5. Great Chinese Famine
Death Toll Estimate: 43 Million
Another century later and we’re now in a Communist-led China. The period 1958 to 1961 is also know as ‘the great leap forward’ – and it’s a sombre lesson in what can happen when a government attempts to change a country too quickly.
Although droughts and poor weather conditions led to the famine, the disaster can quite easily be seen as a consequence of the government’s attempts to rapidly transform the country from an agrarian economy into a modern communist society. Chinese peasants describe this period as the ‘three bitter years’, which is something of an understatement. Several decades later the Chinese economy became the largest in the world – but at quite a price.
4. Mongol Conquests
Death Toll Estimate: 60 Million
If there is one man who could be said to have more blood on his hands than anyone else in history, it is Genghis Khan. Under the leadership of Khan (and successors after his death), the Mongol empire grew into the largest land empire the world has ever seen – at its peak covering 16% of the Earth. The Mongol army swept across Asia, killing its rivals with great ferocity for the best part of two centuries. The death toll would certainly have been much higher if the Mongols had continued to progress west and into Europe.
Aside from all the killing, it wasn’t all bad under Mongol rule – with religious tolerance given to most faiths, as well as tax breaks for the poor.
3. World War 1
Death Toll Estimate: 65 Million
Although other wars had come close quite a few times, this was the first truly global war. The causes of the ‘great war’ are varied and rather complicated, but suffice it to say that in 1914 when the various European empires began to get too big for each other, they decided to form two vast alliances and fight it out for dominance.
Europe became divided, and dragged the rest of the world into its rapidly widening sinkhole. Outdated warfare tactics were deadly to the soldiers involved: these young men would often be ordered to walk very slowly towards the opponent’s machine-gun fire. When the war finished in 1918, Europe and the world began to count the cost of so many lost lives. Most agreed that this madness could never happen again…
2. World War 2
Death Toll Estimate: 72 Million
Having taken a break from fighting for a few years, ‘total war’ broke out again in 1939. The two teams divided again into vast forces, and called themselves the Allies and the Axis. During the short break before the war, each country had decided to build some new killing machines – taking to the skies and to the sea, and developing more efficient land-based vehicles as well as automatic weapons their soldiers could now carry. And as if this wasn’t enough, a certain country decided to build a very big bomb. The Allies eventually ‘won’ the war, though 85% of the death toll came from their side, with the Soviet Union and China seeing the greatest casualties. The majority of deaths also came outside of the combat zone, and can therefore be attributed to war crimes.
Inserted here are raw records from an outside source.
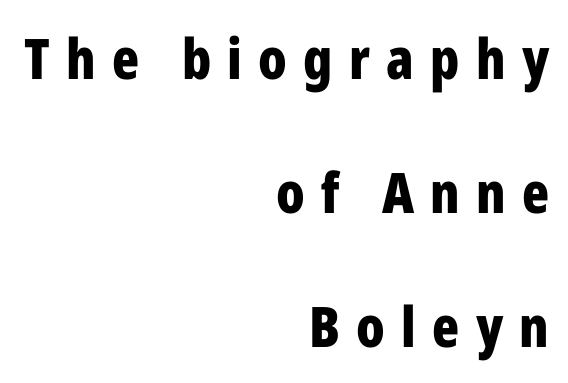
{"serif": "no", "italic": "no", "bold": "yes", "weight": "bold", "width": "condensed", "stroke_contrast": "low", "x_height": "medium", "monospaced": "no", "underline": "no", "align": "right", "line_spacing": "loose", "line_spacing_ratio": 2.39, "letter_spacing": "wide", "letter_spacing_em": 0.29, "glyph_px": 56}
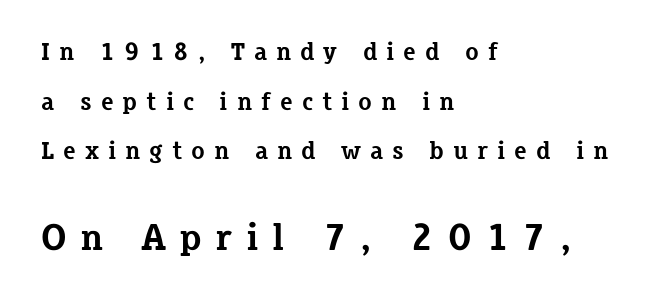
{"serif": "yes", "italic": "no", "bold": "yes", "weight": "bold", "width": "normal", "stroke_contrast": "low", "x_height": "medium", "monospaced": "no", "underline": "no", "align": "left", "line_spacing": "loose", "line_spacing_ratio": 1.99, "letter_spacing": "wide", "letter_spacing_em": 0.36, "larger_block": "second", "size_ratio": 1.52, "glyph_px": 38}
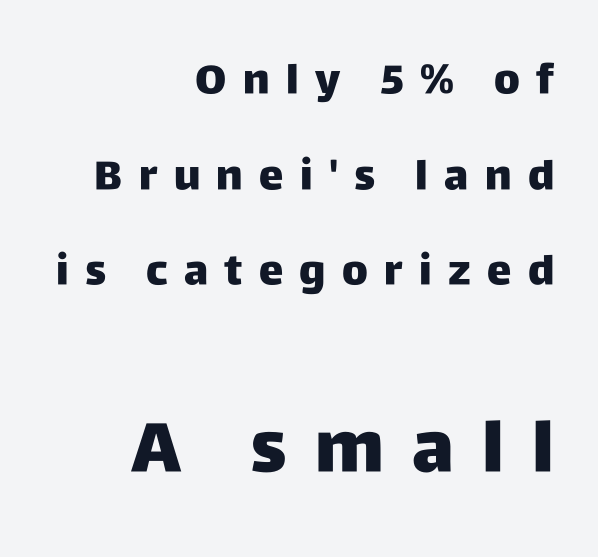
{"serif": "no", "italic": "no", "bold": "yes", "weight": "heavy", "width": "normal", "stroke_contrast": "low", "x_height": "large", "monospaced": "no", "underline": "no", "align": "right", "line_spacing": "loose", "line_spacing_ratio": 2.33, "letter_spacing": "wide", "letter_spacing_em": 0.4, "larger_block": "second", "size_ratio": 1.73, "glyph_px": 71}

1. European Colonization of the Americas
Death Toll Estimate: 100 Million
When Christopher Columbus, John Cabot and other explorers in the 15th century found a new continent, it must’ve seemed like the dawn of a new age. Here was a new paradise that adventurous Europeans could call their new home. There was, however, one problem: this land already had an indigenous population.
Over the following centuries, the seafaring Europeans brought vast death tolls to what is now referred to as North and South America. Although war and invasion can account for a hefty chunk of these casualties, it was the natives’ lack of immunity to European diseases that caused the most deaths. Some estimates state that 80% of the Native American population died as a result of contact with Europeans.